# 3 amp choices help



## enrique (May 24, 2007)

A buddy of mine is asking for info on 3 used amps he's looking at and intends to purchase 1 by this weekend.I dont know enough to really advise him,which is why i'm asking here.The amps are a PS Audio hca-2, a Marsh a400s or a Conrad Johnson mf-2200.All three are at the same price are online and cant be auditioned,but could be returned if there was a problem.His speakers are 90db/4-6ohms.He's using a receiver now which he's not going to change.He just wants to add an amp for more headrooom and such.I dont think he needs an amp but regardless he's dead set to get one.He says it wont hurt and would just make things better.Between these 3 amps i mentioned what can i tell him.He likes warm sound and it's for hT as well as 2channel.thanks


----------



## Sonnie (Apr 11, 2006)

I'd say he'd be happy with either three and probably would not notice much of a difference. Buy the one with the best warranty and least expensive.


----------



## Otto (May 18, 2006)

I kind of agree with Sonnie. I believe those are all nice amps. The PS Audio _looks_ awesome. Without being about to audition any, just go for one of 'em.
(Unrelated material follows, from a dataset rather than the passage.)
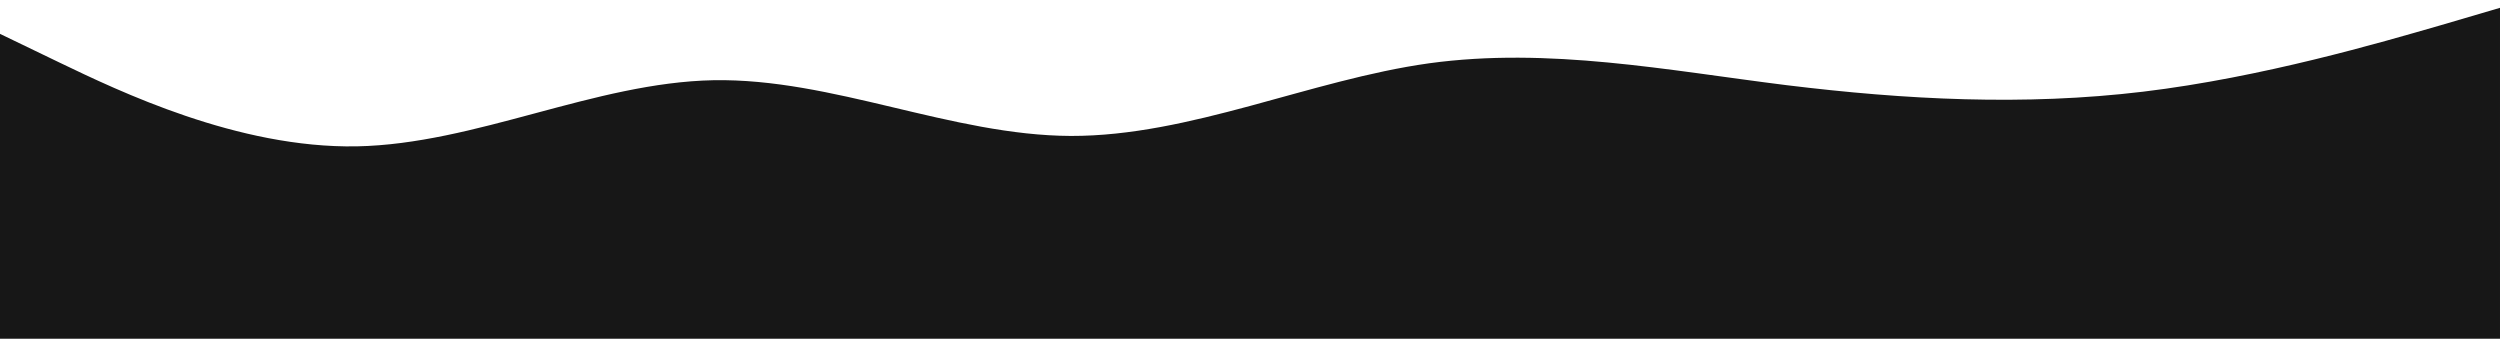 <?xml version="1.0" encoding="UTF-8" standalone="no"?><!DOCTYPE svg PUBLIC "-//W3C//DTD SVG 1.1//EN" "http://www.w3.org/Graphics/SVG/1.1/DTD/svg11.dtd"><svg width="100%" height="100%" viewBox="0 0 4000 542" version="1.1" xmlns="http://www.w3.org/2000/svg" xmlns:xlink="http://www.w3.org/1999/xlink" xml:space="preserve" xmlns:serif="http://www.serif.com/" style="fill-rule:evenodd;clip-rule:evenodd;stroke-linejoin:round;stroke-miterlimit:2;"><path d="M0,54.167l95,45.833c95.417,45.833 285.417,137.5 475.833,134.167c190.417,-3.75 380.417,-102.084 570.834,-105.834c190.416,-3.333 380.416,88.334 571.666,89.167c190.834,0.417 382.5,-89.583 573.334,-116.25c191.25,-26.25 381.25,11.25 571.666,35c190.417,23.333 380.417,33.333 570.834,10.417c190.416,-22.917 380.416,-78.75 475.833,-106.25l95,-27.917l0,533.333l-4000,0l-0,-491.666Z" style="fill:#171717;fill-rule:nonzero;"/></svg>

I'm sure any will offer outstanding results.


----------



## F1 fan (Jul 6, 2006)

My pick of that litter would be the Marsh because it is a solidly engineered classA/B/ design.The PS unit is a class D (digital)design,although its compact and cool running for it's power rating, it may not be in the top tier sound wise.The CJ appears to be a hybrid tube /mos fet design so it will need periodic tube replacement.


----------